After their lunch, Harry Nautilus and Rebecca Owsley continued through the park, Nautilus noting the kid craning her head to take in every detail, as if absorbing sights and scents and colors, and he realized she was emulating him.
They were walking through the mock Bethlehem, past a rough-hewn wooden manger scene populated by actors portraying Joseph and Mary and the Magi. A camel grunted near the rear of the scene, its bridle firmly in the hand of one of the Magi. A tethered goat stood beside the crib holding the infant Jesus, a lifelike doll mostly hidden under rough cloth. The actors were mouthing scripted lines as cameras clicked and guests looked on with joy or wept.

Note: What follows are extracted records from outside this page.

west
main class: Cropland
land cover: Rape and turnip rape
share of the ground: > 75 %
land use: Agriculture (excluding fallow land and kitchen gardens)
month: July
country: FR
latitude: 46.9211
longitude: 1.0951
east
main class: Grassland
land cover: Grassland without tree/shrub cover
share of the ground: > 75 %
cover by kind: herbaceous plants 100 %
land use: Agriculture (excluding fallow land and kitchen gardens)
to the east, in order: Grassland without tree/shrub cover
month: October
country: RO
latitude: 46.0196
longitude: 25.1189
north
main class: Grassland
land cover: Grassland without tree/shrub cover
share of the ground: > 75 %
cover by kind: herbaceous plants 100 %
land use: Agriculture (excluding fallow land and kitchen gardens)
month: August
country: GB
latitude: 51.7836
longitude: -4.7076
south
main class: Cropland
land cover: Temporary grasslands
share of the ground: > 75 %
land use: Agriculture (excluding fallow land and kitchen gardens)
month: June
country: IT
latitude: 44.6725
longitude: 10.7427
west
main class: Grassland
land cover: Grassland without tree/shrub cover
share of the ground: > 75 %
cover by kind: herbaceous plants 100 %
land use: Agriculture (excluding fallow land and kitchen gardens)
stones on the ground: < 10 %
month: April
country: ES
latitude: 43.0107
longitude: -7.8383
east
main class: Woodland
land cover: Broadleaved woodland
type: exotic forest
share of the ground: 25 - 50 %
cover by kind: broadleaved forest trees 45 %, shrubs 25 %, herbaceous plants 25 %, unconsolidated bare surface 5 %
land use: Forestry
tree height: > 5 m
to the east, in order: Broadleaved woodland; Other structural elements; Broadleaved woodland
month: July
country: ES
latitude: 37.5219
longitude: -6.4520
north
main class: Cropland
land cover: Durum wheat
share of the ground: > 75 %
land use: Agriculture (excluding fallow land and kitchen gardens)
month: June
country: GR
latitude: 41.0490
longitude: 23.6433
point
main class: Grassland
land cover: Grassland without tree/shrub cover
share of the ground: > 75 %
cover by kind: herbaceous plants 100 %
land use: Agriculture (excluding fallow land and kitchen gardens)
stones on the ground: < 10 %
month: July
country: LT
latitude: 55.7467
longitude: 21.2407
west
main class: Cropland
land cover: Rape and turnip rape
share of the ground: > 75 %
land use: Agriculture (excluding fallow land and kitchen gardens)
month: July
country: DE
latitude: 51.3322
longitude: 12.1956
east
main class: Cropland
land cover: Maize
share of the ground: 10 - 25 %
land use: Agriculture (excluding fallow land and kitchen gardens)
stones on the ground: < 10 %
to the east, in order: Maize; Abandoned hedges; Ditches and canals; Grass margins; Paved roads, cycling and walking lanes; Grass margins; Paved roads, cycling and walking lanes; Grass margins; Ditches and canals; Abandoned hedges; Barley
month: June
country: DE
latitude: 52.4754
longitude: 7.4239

Nautilus again noted how young the actors were – late teens or early twenties – Joseph and the Magi made up with huge dark beards to disguise their youthful skin. Makes sense, Nautilus thought. The pay was probably little above minimum wage, but budding actors got a line for the résumé and the gig had to be more fun than flipping burgers at Micky Dee’s. Nautilus wondered if the kids had to get their own lodging or the park carried that expense.
“Some of these actors aren’t much older than you, Rebecca,” he said as they passed the Nativity scene. “Maybe you could get a job here in a couple years.”
“I’d rather go to Disney World and be Cinderella. She escaped, right?” Rebecca saw the look on Nautilus’s face and gave him a sly grin. “Just joking. You don’t have to ask if I want an ice cream.”
The cobbled road ended at a sign saying Watch Your Step, Maintenance in Progress. A pair of uniformed maintenance men were kneeling and replacing stones in the road, a wheelbarrow of orange-sized cobblestones beside them.
“Looks like hot work,” Nautilus commented to a man sifting gravel between newly installed stones.
The guy wiped his brow on his shoulder. “Someone snuck into the park last week and pulled up two square yards of stones. Probably sold them on E-bay as holy relics.”
“Takes all kinds,” Nautilus said, turning back. He looked at his watch, then at Rebecca. “Ready to call it a day?”
“Can you watch me again tomorrow? This was cool.”
“Depends on what your parents need,” Nautilus said, thinking today beat driving Celeste Owsley from store to store as she filled the trunk with purchases, or ferrying Richard Owsley around, either ignoring Nautilus to talk on his phone or expounding on his religious views.
They reached the gate. Nautilus heard a voice over his shoulder.
“Did you have a great day with us? I bet you did!”
Tawnya of the bouncy curls. The all-smiles and fuzzy words Tawnya, not the face-slapping, threatening Tawnya.
“We had an interesting time,” Nautilus said. “Both of us.”
Tawnya accompanied the pair to the parking lot. “You employ a lot of actors here,” Nautilus said, making conversation.
“Over a hundred. Some are characters, others sing and dance in the shows.”
“They seem so young.”
“The average age is about twenty-five. The characters are younger, the regular show people are older.”
“Where do the kids stay? Rents have to be high in the area.”
“Dormitories. They stay free as our employees. We also provide meals at very low prices.”
“Got to keep the workers happy, right?” Nautilus said.
“Everyone’s happy at Hallelujah Jubilee,” the good Tawnya chirped, her smile verging on beatific. “It’s Heaven on Earth.”